The server implements a specific protocol for client-server communication:

Client Commands

The client can send the following commands to the server:

CallClientCommands.StartSpeaking - The user starts speaking
CallClientCommands.StopSpeaking - The user stops speaking
CallClientCommands.Mute - The user mutes the microphone

Server Commands

The server can send the following commands to the client:

CallServerCommands.Message - A message from the assistant.
CallServerCommands.CancelLastAssistantMessage - Cancel the last assistant message.
CallServerCommands.CancelLastUserMessage - Cancel the last user message.
CallServerCommands.SkipAnswer - Notify that the last generated answer was ignored, it's listening again.
CallServerCommands.EnableSpeakerStreaming - Enable speaker streaming.
CallServerCommands.EndCall - End the call.

Message Flow

Client connects to WebSocket server
Server sends initial assistant message (generated if not provided)
Client sends audio chunks when user speaks
Server processes audio and responds with text+audio
Process continues until call ends

See detailed protocol in README.md.

Message metadata

You can add metadata to the generated answers, that will be accessible in the conversation on the client and server side.
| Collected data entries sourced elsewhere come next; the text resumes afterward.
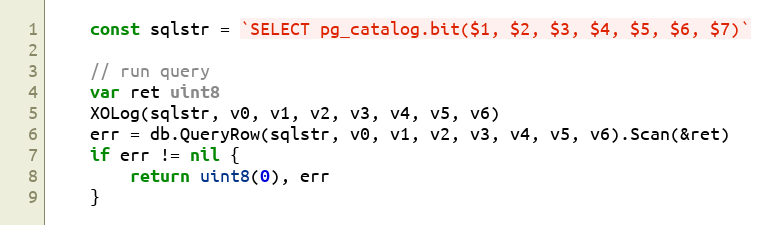
Language: Go
	const sqlstr = `SELECT pg_catalog.bit($1, $2, $3, $4, $5, $6, $7)`

	// run query
	var ret uint8
	XOLog(sqlstr, v0, v1, v2, v3, v4, v5, v6)
	err = db.QueryRow(sqlstr, v0, v1, v2, v3, v4, v5, v6).Scan(&ret)
	if err != nil {
		return uint8(0), err
	}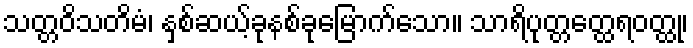
သတ္တဝိသတိမံ၊ နှစ်ဆယ့်ခုနစ်ခုမြောက်သော။ သာရိပုတ္တတ္ထေရဝတ္ထု၊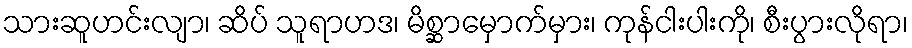
သားဆူဟင်းလျာ၊ ဆိပ် သူရာဟဒ၊ မိစ္ဆာမှောက်မှား၊ ကုန်ငါးပါးကို၊ စီးပွားလိုရာ၊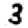
Digit: 3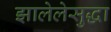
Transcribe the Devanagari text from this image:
झालेलेसुद्धा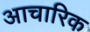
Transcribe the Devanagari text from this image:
आचारिक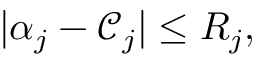
| \alpha _ { j } - \mathcal { C } _ { j } | \le R _ { j } ,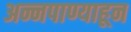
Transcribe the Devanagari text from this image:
अन्नपाण्याहून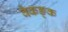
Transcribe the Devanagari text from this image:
वैकङ्क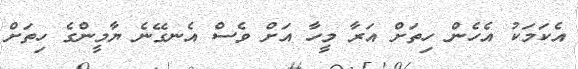
އެކަމަކު އެހެން ހިތަށް އަރާ މީހާ އަށް ވެސް އެނގޭނެ ޔާމީންގެ ހިތަށް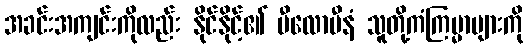
အခင်းအကျင်းကိုလည်း နိုင်နိုင့်၏ ပီလောပီနံ သူတို့ကံကြမ္မာများကို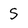
Character: S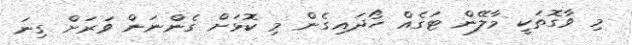
މި ވާގޮތަކީ މާލޭން ޓަގެއް ހޯދައިގެން މި ކޮޅަށް ގެންނަން ވަރަށް ގިނަ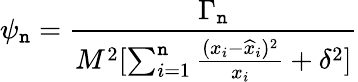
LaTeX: \psi_{\mathtt{n}}={\frac{{\Gamma_{\mathtt{n}}}}{{M^{2}[\sum_{i=1}^{\mathtt{n}}{\frac{{(x_{i}-{\widehat{x}}_{i})^{2}}}{{x_{i}}}}+\delta^{2}]}}}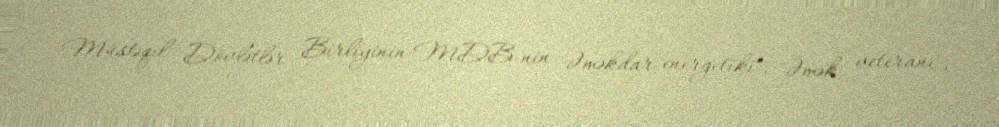
Müstəqil Dövlətlər Birliyinin-MDB-nin "Əməkdar energetiki", "Əmək veteranı",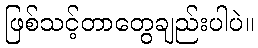
ဖြစ်သင့်တာတွေချည်းပါပဲ။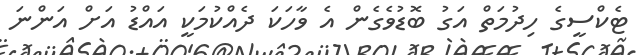
ޓެކްސީގެ ހިދުމަތް އަގު ބޮޑުވެގެން އެ ވާހަކަ ދެއްކުމަކީ އައްޑު އަށް އަންނަ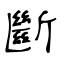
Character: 斷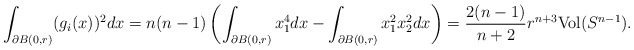
\begin{align*}\int_{\partial B(0,r)}(g_{i}(x))^{2}dx=n(n-1)\left(\int_{\partial B(0,r)}x_{1}^{4}dx-\int_{\partial B(0,r)}x_{1}^{2}x_{2}^{2}dx\right)=\frac{2(n-1)}{n+2}r^{n+3}\mathrm{Vol}(S^{n-1}).\end{align*}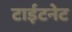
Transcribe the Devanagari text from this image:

const metadata: AnswerMetadata = {
  // ...
}

const message: ConversationMessage = {
  role: 'assistant',
  content: 'Hello!',
  metadata,
}

Ending the call

The call has two ways to end:

When the client closes the websocket connection.
When the generated answer contains the commands endCall: true.

Example:

const END_CALL = 'END_CALL'
const systemPrompt = `
You are a voice assistant interviewing the user.
To end the interview, briefly thank the user and say good bye, then say ${END_CALL}.
`

async function generateAnswer(
  conversation: ConversationMessage[]
): Promise<ConversationMessage> {
  const response = await openai.chat.completions.create({
    model: 'gpt-4o',
    messages: conversation,
    temperature: 0.5,
    max_tokens: 250,
  })

  let text = response.choices[0].message.content
  if (!text) throw new Error('Empty response')

  // Add metadata
  const commands: AnswerCommands = {}
  if (text.includes(END_CALL)) {
    text = text.replace(END_CALL, '').trim()
    commands.endCall = true
  }

  return { role: 'assistant', content: text, commands }
}

See demo system prompt and generateAnswer for a complete example.

Integration Example

Here's an example using Fastify:

import fastify from 'fastify'
import fastifyWebsocket from '@fastify/websocket'
import { CallServer, CallConfig } from '@micdrop/server'

const server = fastify()
server.register(fastifyWebsocket)

server.get('/call', { websocket: true }, (socket) => {
  const config: CallConfig = {
    systemPrompt: 'You are a helpful assistant',
    // ... other config options
  }
  new CallServer(socket, config)
})

server.listen({ port: 8080 })

See @micdrop/demo-server for a complete example using OpenAI and ElevenLabs.